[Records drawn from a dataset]

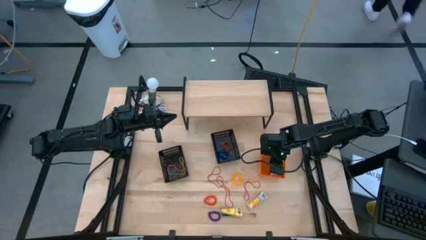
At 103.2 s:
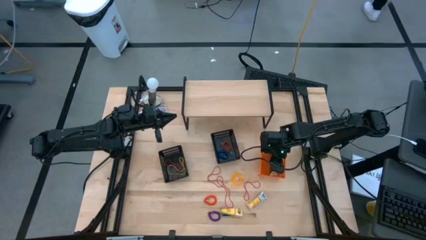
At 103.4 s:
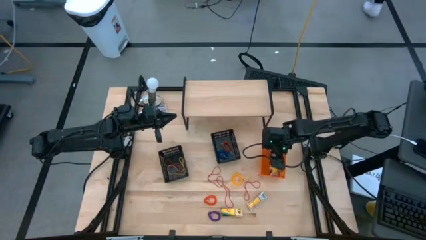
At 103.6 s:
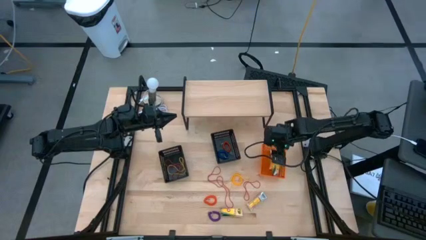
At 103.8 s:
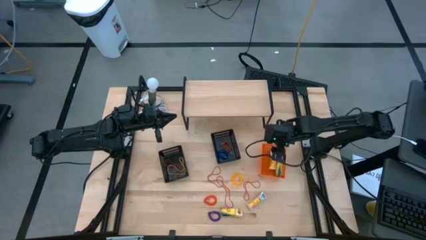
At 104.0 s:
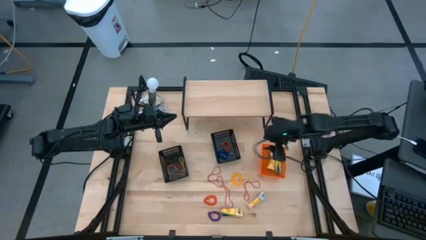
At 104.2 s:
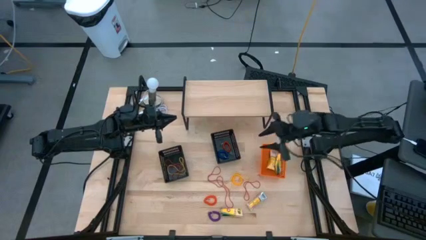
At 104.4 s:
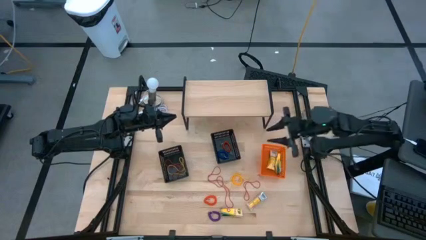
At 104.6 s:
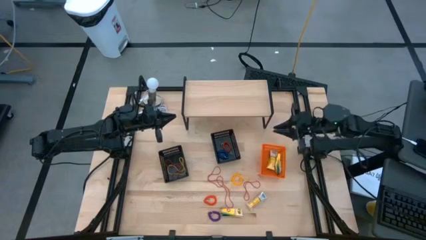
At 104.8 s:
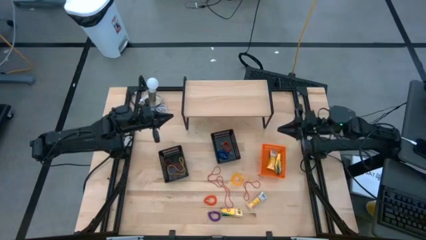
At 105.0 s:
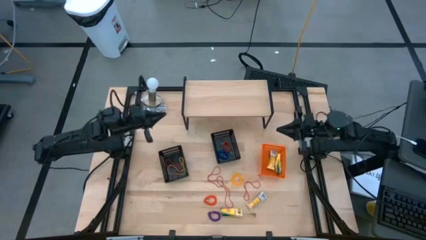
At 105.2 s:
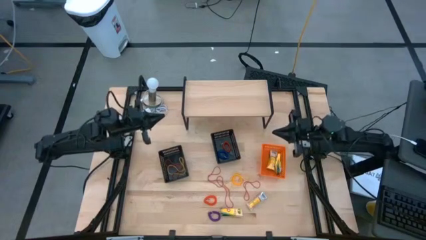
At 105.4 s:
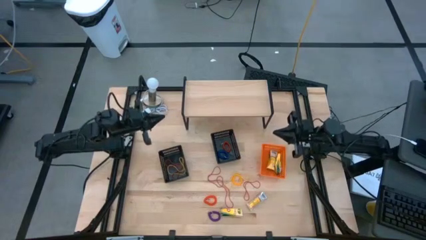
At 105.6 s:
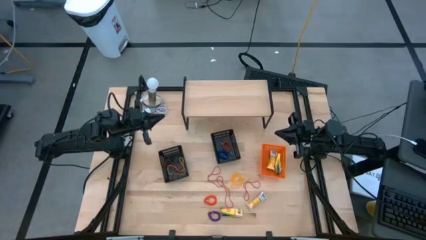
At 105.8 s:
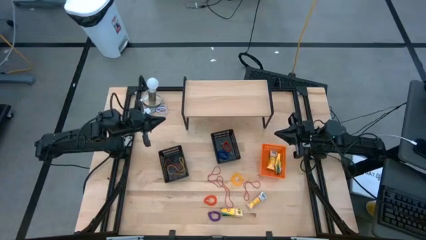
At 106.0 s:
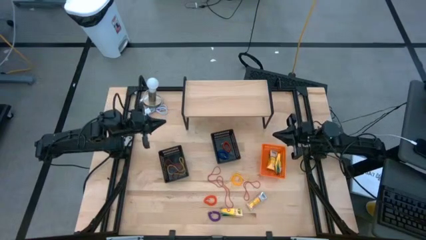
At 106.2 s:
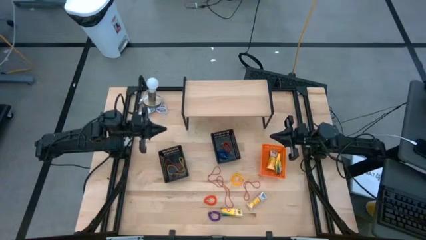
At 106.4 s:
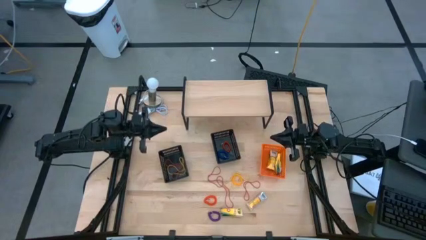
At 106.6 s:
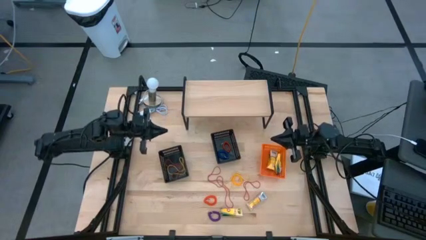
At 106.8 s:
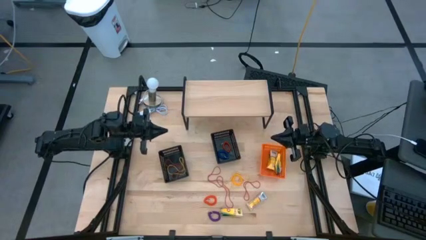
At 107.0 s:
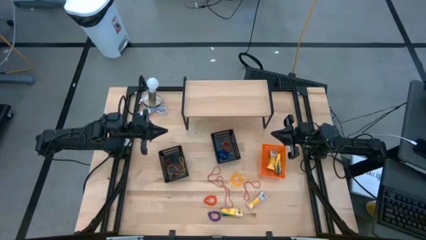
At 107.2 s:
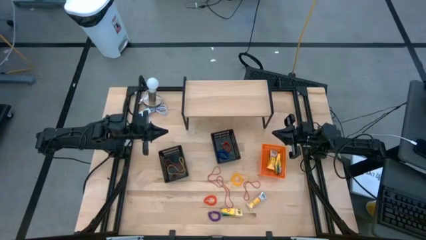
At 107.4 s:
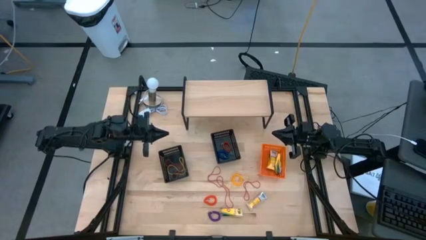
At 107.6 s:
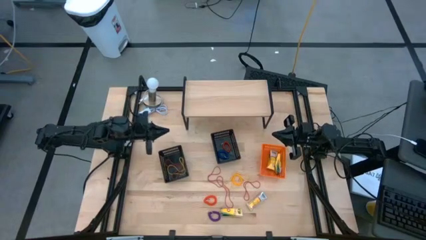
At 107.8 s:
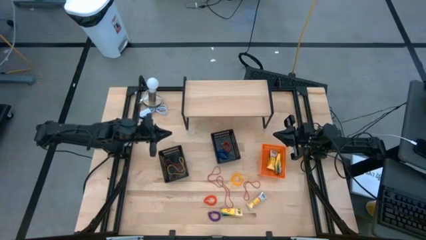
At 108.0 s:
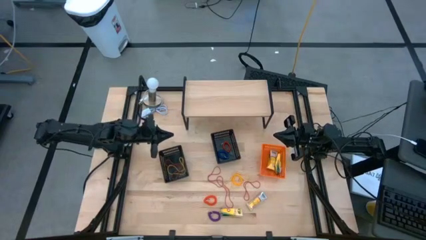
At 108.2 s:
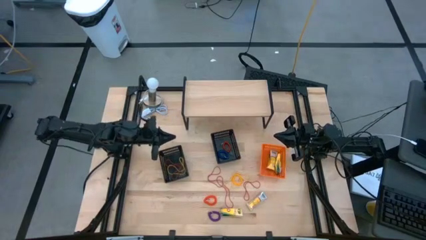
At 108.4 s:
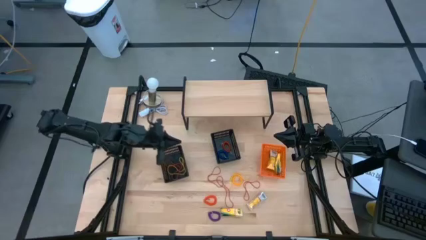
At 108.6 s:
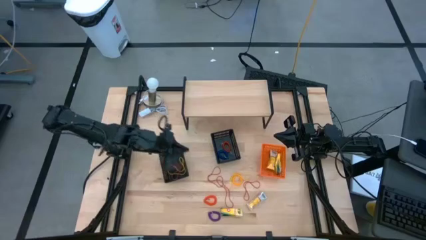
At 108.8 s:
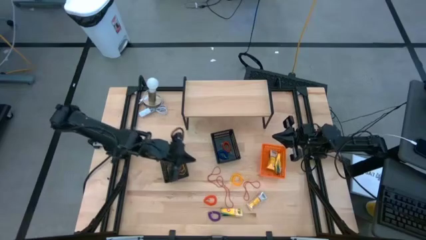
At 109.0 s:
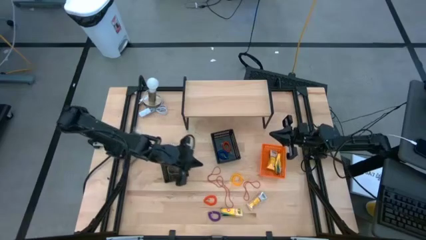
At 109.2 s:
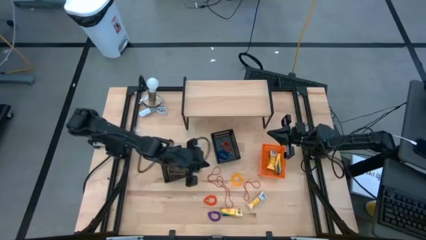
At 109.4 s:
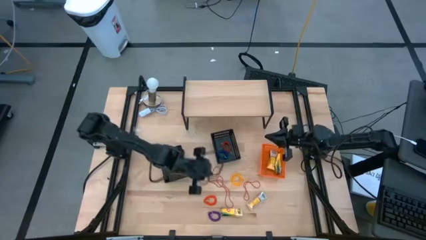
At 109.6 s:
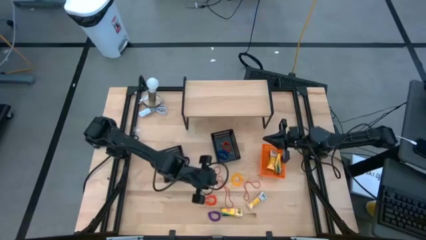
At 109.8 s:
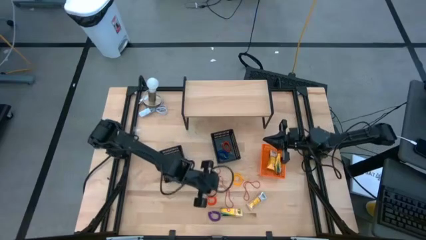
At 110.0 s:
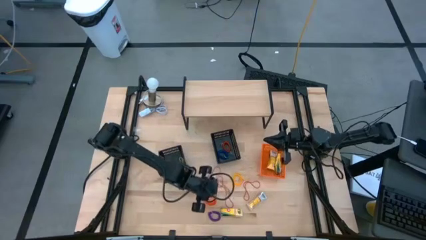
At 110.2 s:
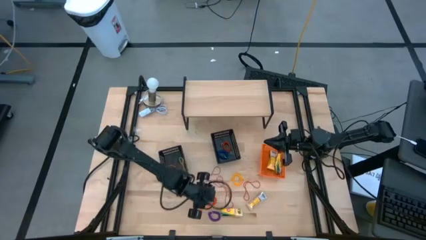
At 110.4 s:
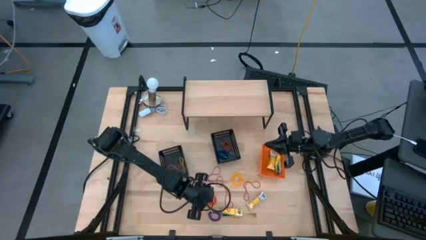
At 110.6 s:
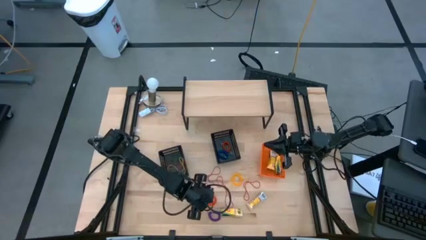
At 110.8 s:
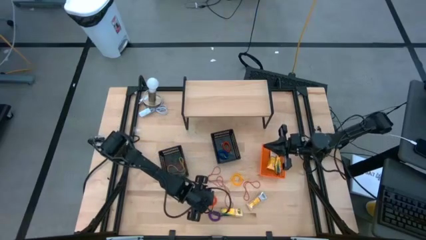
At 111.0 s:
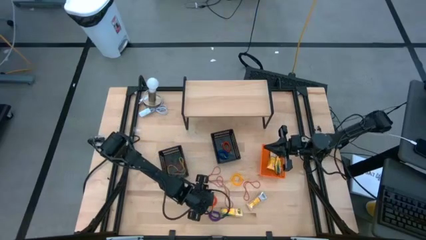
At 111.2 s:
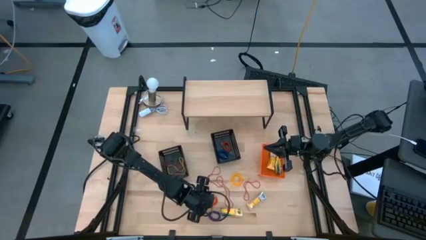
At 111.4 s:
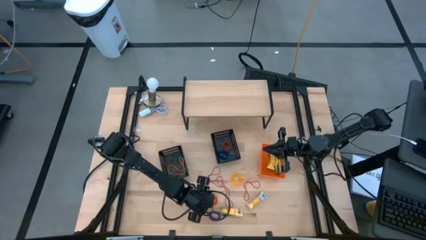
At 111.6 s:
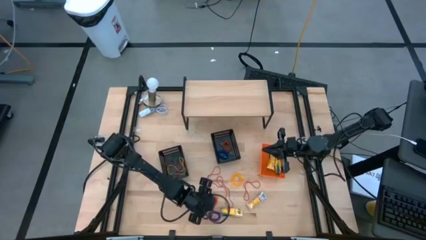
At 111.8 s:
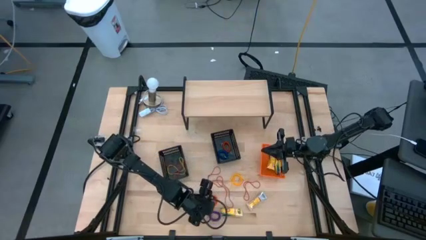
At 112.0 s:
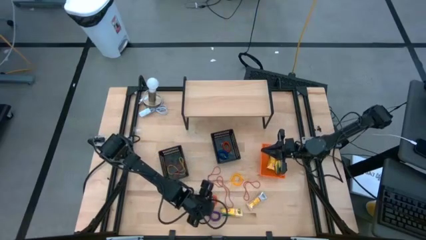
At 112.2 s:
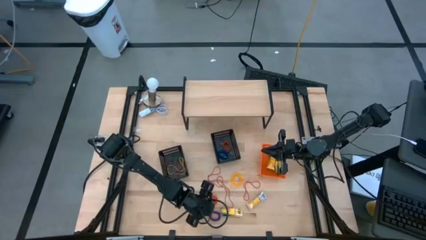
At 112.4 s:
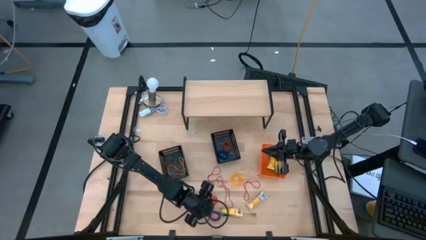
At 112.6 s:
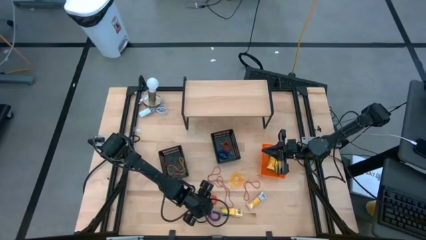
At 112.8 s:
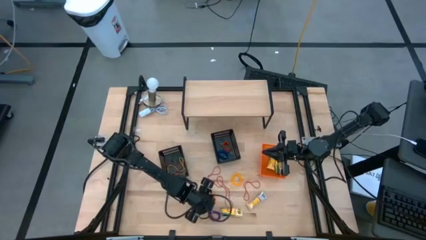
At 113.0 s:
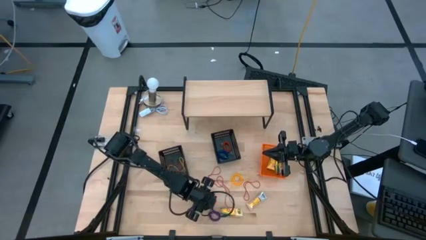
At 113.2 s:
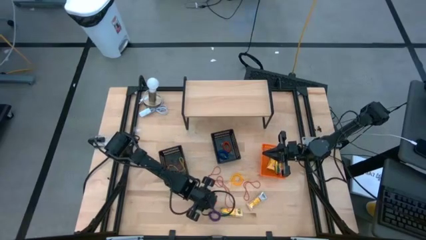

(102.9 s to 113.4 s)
Task: Pick & Place Office Desk Supplies
Put the red rubber band into the left black bin

• GOAL OF THE EXERCISE: Give every entry back unchanged, with no pictures.

• TASK SOLUTION:
At 103.2 s:
At 103.4 s:
At 103.6 s:
At 103.8 s:
At 104.0 s:
At 104.2 s:
At 104.4 s:
At 104.6 s:
At 104.8 s:
At 105.0 s:
At 105.2 s:
At 105.4 s:
At 105.6 s:
At 105.8 s:
At 106.0 s:
At 106.2 s:
At 106.4 s:
At 106.6 s:
At 106.8 s:
At 107.0 s:
At 107.2 s:
At 107.4 s:
At 107.6 s:
At 107.8 s:
At 108.0 s:
At 108.2 s:
At 108.4 s:
At 108.6 s:
At 108.8 s:
At 109.0 s:
At 109.2 s:
At 109.4 s:
At 109.6 s:
At 109.8 s:
At 110.0 s:
At 110.2 s:
At 110.4 s:
At 110.6 s:
At 110.8 s:
At 111.0 s:
At 111.2 s:
At 111.4 s:
At 111.6 s:
At 111.8 s:
At 112.0 s:
At 112.2 s:
At 112.4 s:
At 112.6 s:
At 112.8 s:
At 113.0 s:
At 113.2 s:

(102.9 s to 113.4 s)
Task: Pick & Place Office Desk Supplies
Put the red rubber band into the left black bin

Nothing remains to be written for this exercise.